During our presentation, Dr Roger noted that a predictor for Organic Matter would be very valuable, and also concluded Delta Front has some igneous components to it, contradicting the rock type on all Delta Front samples which says they are sedimentary.
## Analysis: Question 3 (Provide short name)
### Question being asked
_Provide in natural language a statement of what question you're trying to answer_
The data in pixl is represented by percentages. Is log scaling pixl better for clustering and PCA?
### Data Preparation
_Provide in natural language a description of the data you are using for this analysis_
_Include a step-by-step description of how you prepare your data for analysis_
_If you're re-using dataframes prepared in another section, re-state what data you're using_
```{r, result03_data}
# Include all data processing code (if necessary), clearly commented
#First replace 0.0 entries with 0.00001 so they don't scale to inf
pixl.matrix[pixl.matrix == 0] <- 0.00001
#Apply log10 to every entry in pixl.matrix & get new scaled df
pixl.scaled <- log10(pixl.matrix)
```
### Analysis methods used
_Describe in natural language a statement of the analysis you're trying to do_
First, how does clustering differ between pixl.matrix and pixl.scaled?
_Provide clearly commented analysis code; include code for tables and figures!_
```{r, result03_analysis}
# Include all analysis code, clearly commented
# If not possible, screen shots are acceptable.
# If your contributions included things that are not done in an R-notebook,
# (e.g. researching, writing, and coding in Python), you still need to do
# this status notebook in R. Describe what you did here and put any products
# that you created in github. If you are writing online documents (e.g. overleaf
# or google docs), you can include links to the documents in this notebook
# instead of actual text.
#Create an elbow plot for both pixl.matrix & pixl.scaled
wssplot(pixl.matrix, nc=8, seed=14, 'Unscaled')
wssplot(pixl.scaled, nc=8, seed=14, "Scaled")
#Do kmeans for both matrices
unscaled.kmeans <- kmeans(pixl.matrix, 3)
scaled.kmeans <- kmeans(pixl.scaled, 3)
#Produce heatmaps for both
pheatmap(unscaled.kmeans$centers, scale="none", main="Unscaled Pixl")
pheatmap(scaled.kmeans$centers, scale="none", main="Scaled Pixl")
#Do pca for both matrices
unscaled.pca <- prcomp(pixl.matrix)
scaled.pca <- prcomp(pixl.scaled)
#Make biplots
unscaled.plot <- ggbiplot::ggbiplot(unscaled.pca,
labels = pixl.df$type,
groups = as.factor(unscaled.kmeans$cluster)) +
ggtitle("Unscaled Pixl")
scaled.plot <- ggbiplot::ggbiplot(scaled.pca,
labels = pixl.df$type,
groups = as.factor(scaled.kmeans$cluster)) +
ggtitle("Scaled Pixl")
#ggplotly(unscaled.plot)
#ggplotly(scaled.plot)
pheatmap(pixl.scaled, scale="none")
```
### Discussion of results
_Provide in natural language a clear discussion of your observations._
Both elbow plots suggest 3 clusters as the best choice, however the "quality" value for the unscaled data is much higher than with the scaled data. - update: quality matters relatively, not absolutely. Thus this point is unimportant
Looking at the two biplots, the most influential features are totally different. For unscaled, the samples appear more spread out and the features appear more balanced than for the scaled biplot.

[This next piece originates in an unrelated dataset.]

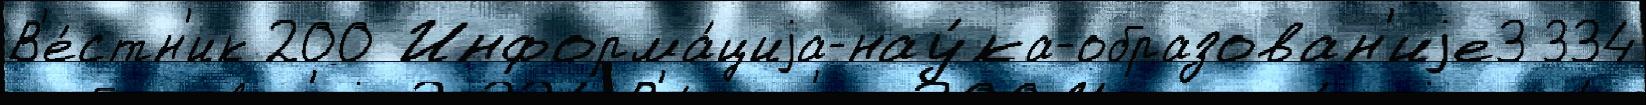
В'е́стн'ик 200 Информа́циjа-нау́ка-образован'иjе3 334

My suggestion is to not cluster using a log10 scaled pixl matrix from the above observations.
## Summary and next steps
_Provide in natural language a clear summary and your proposed next steps._
I scaled a copy of the pixl matrix, and then compared the two through a series of analysis. My conclusion is the scaled copy is not as good for clustering and PCA.
Next steps involve looking at other solutions for scaling, including scale() and the logscale function I made.
We concluded pixl should not be scaled.
Potential organic matter predictor.
I will continue exploring the differences between campaigns and implementing these features into the 2d app.